» **Task item**:
Retype every entry word for word. Omit the pictures.

» **Excerpted records**:
[Start of Attachment]

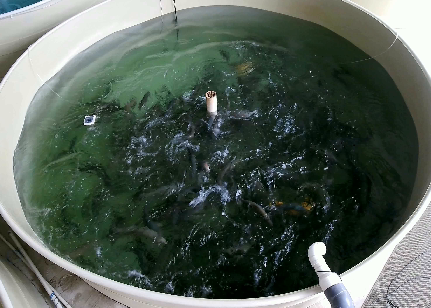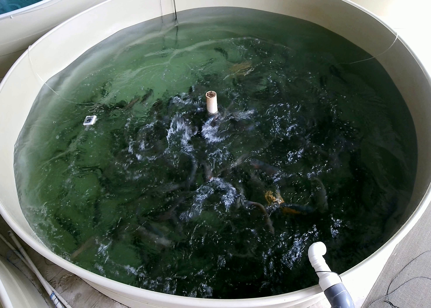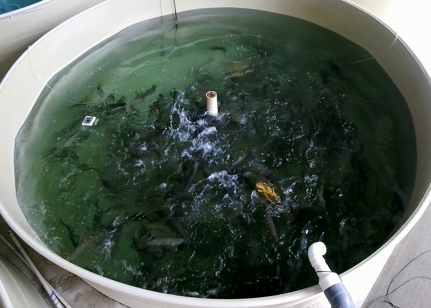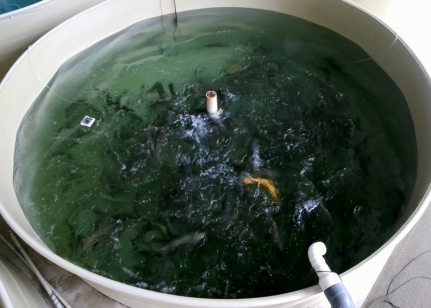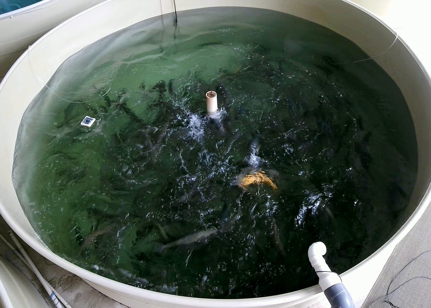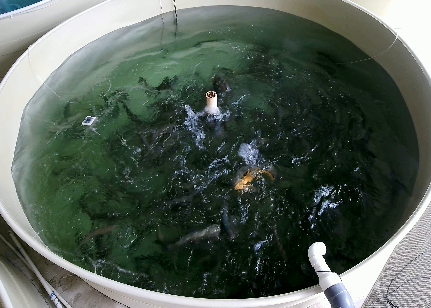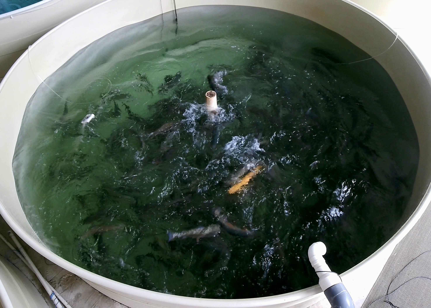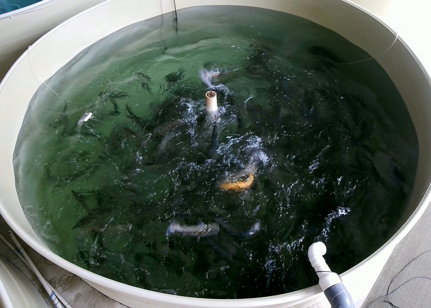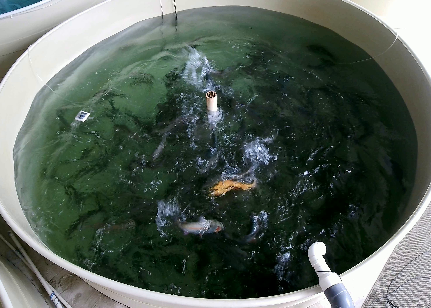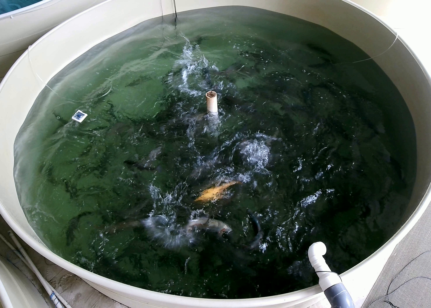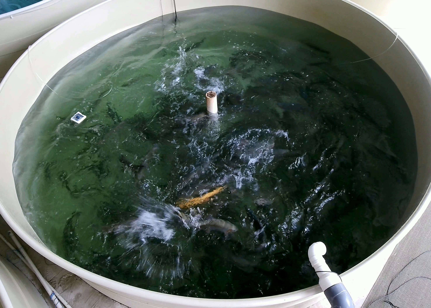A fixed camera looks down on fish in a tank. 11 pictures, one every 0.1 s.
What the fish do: Strong feeding.
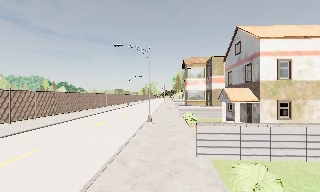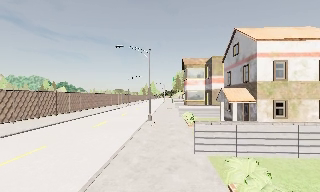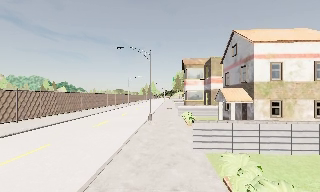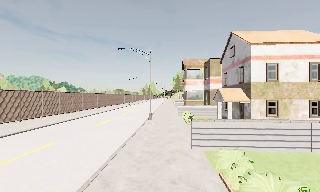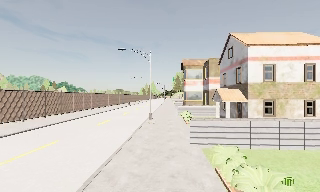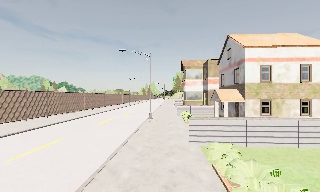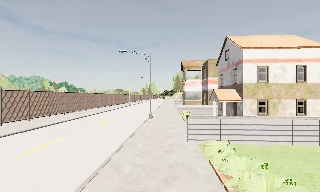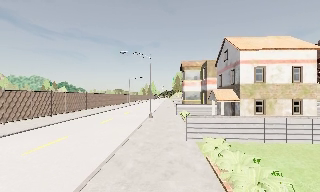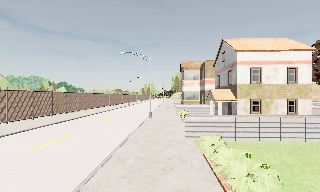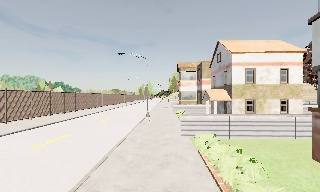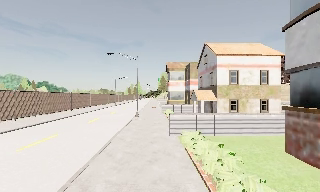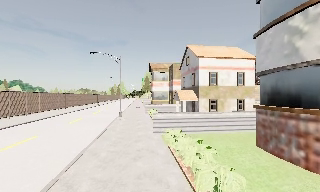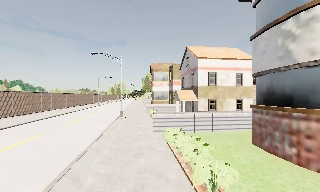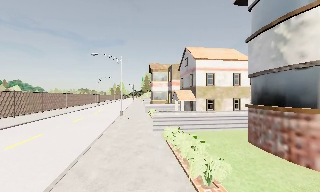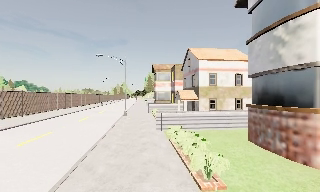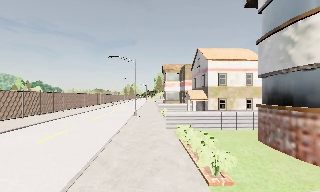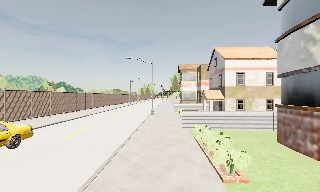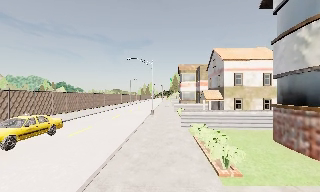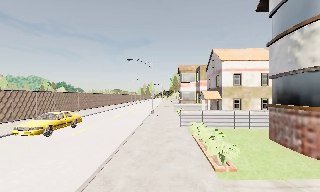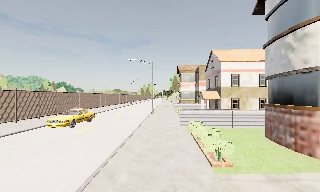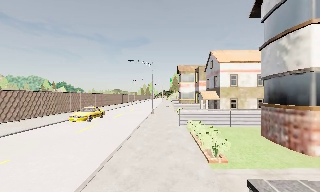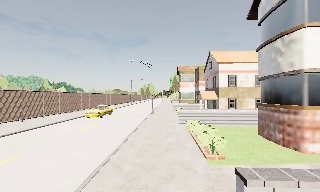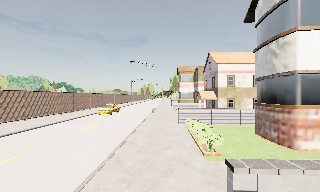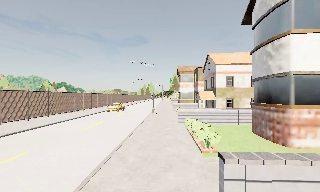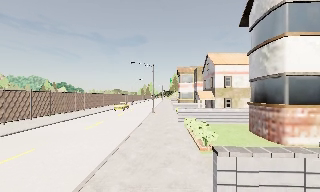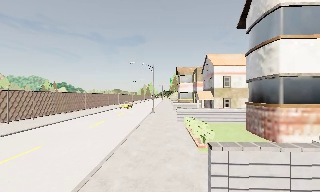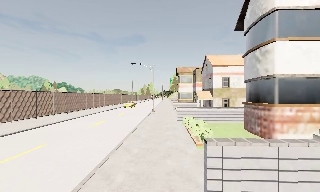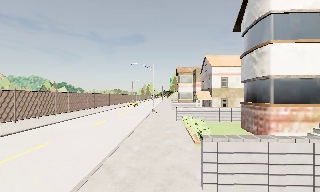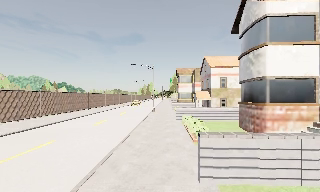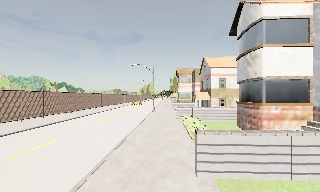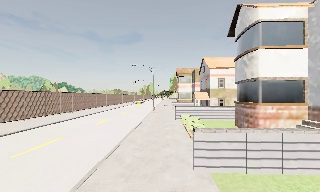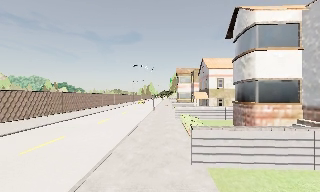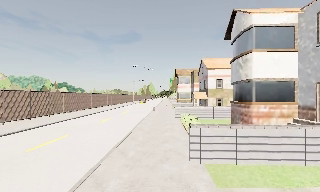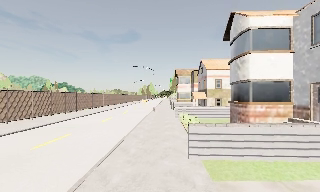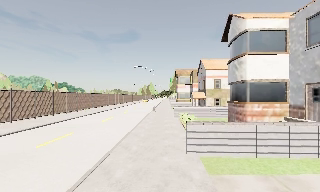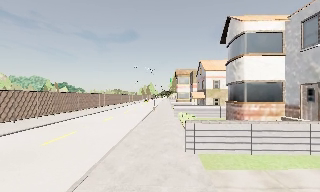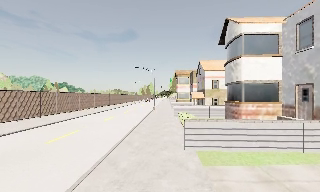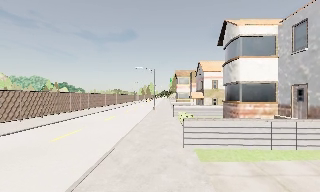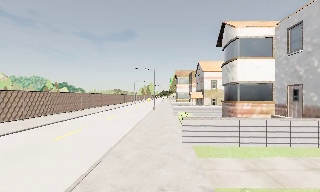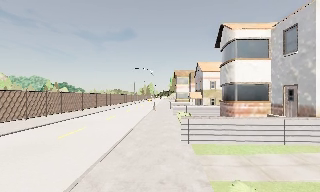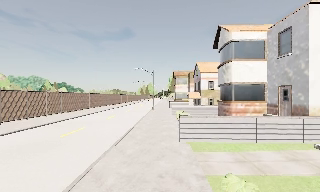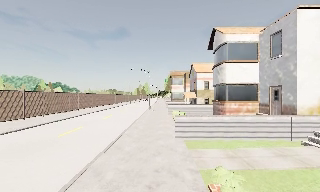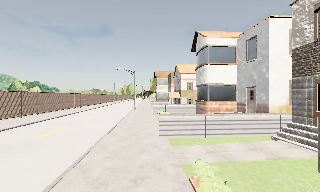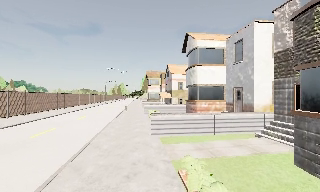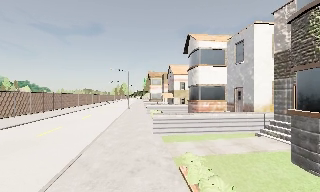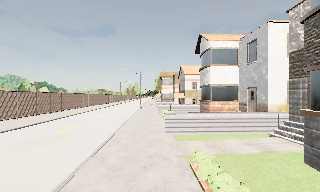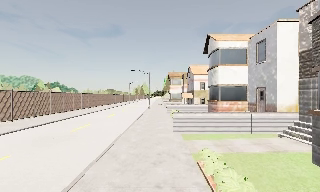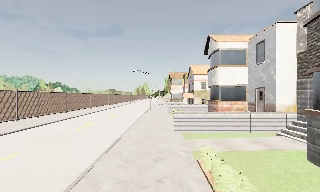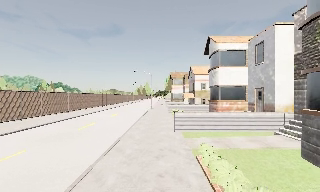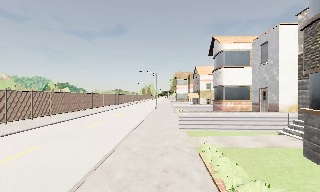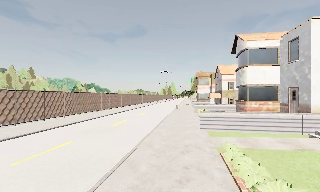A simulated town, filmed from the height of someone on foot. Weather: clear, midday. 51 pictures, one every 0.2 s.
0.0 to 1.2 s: The camera travels backward, about 2 m, so what stands in front gets smaller.
1.2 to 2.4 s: The scene slides to the left, as the camera pans about 10 degrees to its right. It travels backward, about 2 m, so what stands in front gets smaller.
2.4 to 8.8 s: The camera travels backward, about 11 m, so what stands in front gets smaller.
8.8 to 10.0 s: The camera swings to its left by about 15 degrees, and the scene slides to the right. It travels backward, about 2 m, so what stands in front gets smaller.
The film runs backward here.

[End of Attachment]

» **Answer for this exercise**:
A fixed camera looks down on fish in a tank. 11 pictures, one every 0.1 s.
What the fish do: Strong feeding.
A simulated town, filmed from the height of someone on foot. Weather: clear, midday. 51 pictures, one every 0.2 s.
0.0 to 1.2 s: The camera travels backward, about 2 m, so what stands in front gets smaller.
1.2 to 2.4 s: The scene slides to the left, as the camera pans about 10 degrees to its right. It travels backward, about 2 m, so what stands in front gets smaller.
2.4 to 8.8 s: The camera travels backward, about 11 m, so what stands in front gets smaller.
8.8 to 10.0 s: The camera swings to its left by about 15 degrees, and the scene slides to the right. It travels backward, about 2 m, so what stands in front gets smaller.
The film runs backward here.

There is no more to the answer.